▸ SOURCE MATERIAL
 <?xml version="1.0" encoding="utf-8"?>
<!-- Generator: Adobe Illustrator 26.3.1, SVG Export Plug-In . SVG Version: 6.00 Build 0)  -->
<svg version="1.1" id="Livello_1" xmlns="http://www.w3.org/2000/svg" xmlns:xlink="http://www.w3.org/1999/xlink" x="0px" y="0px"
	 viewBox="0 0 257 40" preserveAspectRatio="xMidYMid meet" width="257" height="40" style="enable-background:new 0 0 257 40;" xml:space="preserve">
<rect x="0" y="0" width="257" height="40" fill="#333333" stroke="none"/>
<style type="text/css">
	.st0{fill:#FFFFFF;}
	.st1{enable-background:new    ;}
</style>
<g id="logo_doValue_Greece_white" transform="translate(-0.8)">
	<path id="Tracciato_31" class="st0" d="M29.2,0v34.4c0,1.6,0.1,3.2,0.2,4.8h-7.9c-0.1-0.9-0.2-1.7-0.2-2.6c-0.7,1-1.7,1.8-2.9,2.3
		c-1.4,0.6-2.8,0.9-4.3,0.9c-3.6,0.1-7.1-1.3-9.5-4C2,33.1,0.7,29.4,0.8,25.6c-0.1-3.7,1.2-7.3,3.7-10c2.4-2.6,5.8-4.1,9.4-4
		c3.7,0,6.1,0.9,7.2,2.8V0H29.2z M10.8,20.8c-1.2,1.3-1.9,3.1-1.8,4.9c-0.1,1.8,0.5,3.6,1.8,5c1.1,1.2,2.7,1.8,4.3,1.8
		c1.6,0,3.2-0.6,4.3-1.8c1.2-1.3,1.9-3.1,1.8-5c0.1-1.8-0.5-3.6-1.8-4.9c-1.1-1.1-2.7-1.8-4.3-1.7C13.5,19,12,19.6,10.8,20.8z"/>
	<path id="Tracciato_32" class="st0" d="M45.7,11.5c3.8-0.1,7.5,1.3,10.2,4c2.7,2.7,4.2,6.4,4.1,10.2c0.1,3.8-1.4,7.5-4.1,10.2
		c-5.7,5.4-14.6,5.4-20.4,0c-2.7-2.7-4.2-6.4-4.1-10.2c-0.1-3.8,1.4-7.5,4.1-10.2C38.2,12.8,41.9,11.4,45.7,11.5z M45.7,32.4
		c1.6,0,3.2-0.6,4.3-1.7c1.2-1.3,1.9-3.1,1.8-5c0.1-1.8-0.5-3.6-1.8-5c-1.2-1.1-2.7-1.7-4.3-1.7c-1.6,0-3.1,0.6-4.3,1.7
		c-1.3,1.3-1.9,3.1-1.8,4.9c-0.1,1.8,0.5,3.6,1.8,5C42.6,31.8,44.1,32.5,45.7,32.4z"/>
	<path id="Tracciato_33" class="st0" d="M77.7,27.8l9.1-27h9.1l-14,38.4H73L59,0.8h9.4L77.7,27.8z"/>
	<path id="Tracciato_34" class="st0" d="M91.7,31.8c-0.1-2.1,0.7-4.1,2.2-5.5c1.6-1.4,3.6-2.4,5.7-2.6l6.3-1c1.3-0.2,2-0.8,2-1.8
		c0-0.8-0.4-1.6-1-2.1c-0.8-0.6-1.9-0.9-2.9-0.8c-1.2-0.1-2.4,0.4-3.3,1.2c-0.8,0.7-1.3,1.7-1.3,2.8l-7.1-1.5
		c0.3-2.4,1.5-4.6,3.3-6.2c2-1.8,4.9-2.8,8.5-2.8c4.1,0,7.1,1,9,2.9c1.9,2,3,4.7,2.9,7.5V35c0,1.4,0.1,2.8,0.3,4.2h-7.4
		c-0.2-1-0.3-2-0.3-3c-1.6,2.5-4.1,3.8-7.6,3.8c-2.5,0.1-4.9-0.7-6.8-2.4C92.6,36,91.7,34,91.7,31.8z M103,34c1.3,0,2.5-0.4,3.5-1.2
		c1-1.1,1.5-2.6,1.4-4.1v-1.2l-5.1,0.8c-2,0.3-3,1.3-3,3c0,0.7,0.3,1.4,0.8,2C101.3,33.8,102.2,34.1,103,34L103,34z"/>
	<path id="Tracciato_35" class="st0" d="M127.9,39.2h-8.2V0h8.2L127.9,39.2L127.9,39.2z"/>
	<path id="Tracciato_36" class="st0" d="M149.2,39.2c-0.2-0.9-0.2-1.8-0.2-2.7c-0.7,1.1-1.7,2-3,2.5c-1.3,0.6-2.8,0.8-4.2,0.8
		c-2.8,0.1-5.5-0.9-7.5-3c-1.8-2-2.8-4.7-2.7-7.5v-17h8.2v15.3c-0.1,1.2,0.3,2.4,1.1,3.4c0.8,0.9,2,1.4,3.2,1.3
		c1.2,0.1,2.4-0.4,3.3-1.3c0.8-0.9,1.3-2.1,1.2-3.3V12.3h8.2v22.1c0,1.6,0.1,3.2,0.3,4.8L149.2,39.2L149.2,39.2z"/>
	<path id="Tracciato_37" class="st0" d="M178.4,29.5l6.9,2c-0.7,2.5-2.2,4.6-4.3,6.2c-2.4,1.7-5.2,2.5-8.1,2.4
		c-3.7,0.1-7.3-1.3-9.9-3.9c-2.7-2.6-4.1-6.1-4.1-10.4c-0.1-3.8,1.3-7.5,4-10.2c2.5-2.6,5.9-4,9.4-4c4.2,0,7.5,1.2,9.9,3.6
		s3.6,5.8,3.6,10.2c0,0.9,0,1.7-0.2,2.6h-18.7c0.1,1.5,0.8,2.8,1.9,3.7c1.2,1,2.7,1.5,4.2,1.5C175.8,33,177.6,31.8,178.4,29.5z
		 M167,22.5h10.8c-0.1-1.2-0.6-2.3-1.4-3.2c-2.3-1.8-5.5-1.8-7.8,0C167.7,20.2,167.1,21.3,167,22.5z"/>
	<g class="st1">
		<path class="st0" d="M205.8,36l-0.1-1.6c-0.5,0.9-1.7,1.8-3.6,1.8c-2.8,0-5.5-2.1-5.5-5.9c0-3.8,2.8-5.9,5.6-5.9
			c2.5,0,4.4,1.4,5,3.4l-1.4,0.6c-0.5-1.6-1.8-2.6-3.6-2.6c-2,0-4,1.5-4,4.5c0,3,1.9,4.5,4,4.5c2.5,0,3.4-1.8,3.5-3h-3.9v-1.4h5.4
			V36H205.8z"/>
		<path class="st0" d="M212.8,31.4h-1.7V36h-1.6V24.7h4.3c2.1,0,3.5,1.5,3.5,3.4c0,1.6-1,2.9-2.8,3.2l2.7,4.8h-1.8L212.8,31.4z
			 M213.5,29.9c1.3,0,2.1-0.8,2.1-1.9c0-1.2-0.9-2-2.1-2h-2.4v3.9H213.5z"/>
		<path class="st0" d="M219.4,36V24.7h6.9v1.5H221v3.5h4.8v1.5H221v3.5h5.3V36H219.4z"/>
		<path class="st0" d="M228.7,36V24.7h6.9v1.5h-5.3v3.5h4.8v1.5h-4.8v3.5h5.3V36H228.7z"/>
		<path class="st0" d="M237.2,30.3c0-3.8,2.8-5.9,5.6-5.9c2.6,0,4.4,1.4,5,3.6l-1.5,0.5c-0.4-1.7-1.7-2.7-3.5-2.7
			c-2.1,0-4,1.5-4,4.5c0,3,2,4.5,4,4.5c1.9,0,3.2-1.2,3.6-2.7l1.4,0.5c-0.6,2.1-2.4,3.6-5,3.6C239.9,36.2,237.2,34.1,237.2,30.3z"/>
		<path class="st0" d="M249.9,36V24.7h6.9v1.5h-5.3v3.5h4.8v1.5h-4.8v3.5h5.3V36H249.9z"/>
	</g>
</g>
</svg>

▸ WHAT NEEDS TO BE DONE
Look through the entries above; find each line with the word "background" and copy it.

▸ ANSWER FOR THE TASK
	 viewBox="0 0 257 40" preserveAspectRatio="xMidYMid meet" width="257" height="40" style="enable-background:new 0 0 257 40;" xml:space="preserve">
	.st1{enable-background:new    ;}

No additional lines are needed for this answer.